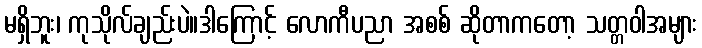
မရှိဘူး၊ ကုသိုလ်ချည်းပဲ။ဒါကြောင့် လောကီပညာ အစစ် ဆိုတာကတော့ သတ္တဝါအများ
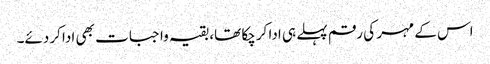
اس کے مہر کی رقم پہلے ہی ادا کرچکا تھا، بقیہ واجبات بھی ادا کردئے۔
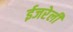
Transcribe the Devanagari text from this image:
ईजरेली
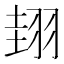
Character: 𦐰
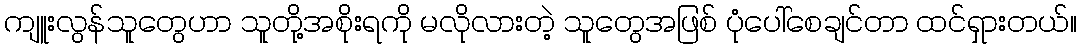
ကျူးလွန်သူတွေဟာ သူတို့အစိုးရကို မလိုလားတဲ့ သူတွေအဖြစ် ပုံပေါ်စေချင်တာ ထင်ရှားတယ်။
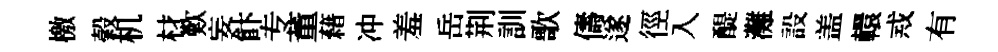
檄榖机材歎妄飰专董藉冲羞岳荆訓歌儔遂徑入醍灘設盖轘𢦶有
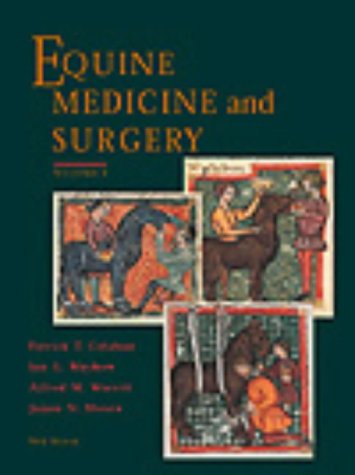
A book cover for Equine Medicine and Surgery (2-Volume Set); Patrick T. Colahan DVM; Medical Books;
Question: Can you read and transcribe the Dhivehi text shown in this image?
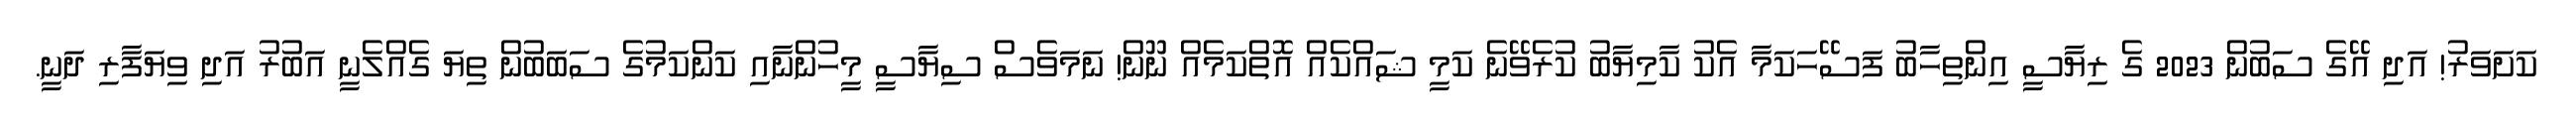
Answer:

#### Activity:
Please transcribe exactly the line containing "Question: Can you" and every later line through the end of the records above, omitting pictures.

#### Output of the task:
Question: Can you read and transcribe the Dhivehi text shown in this image?
Answer:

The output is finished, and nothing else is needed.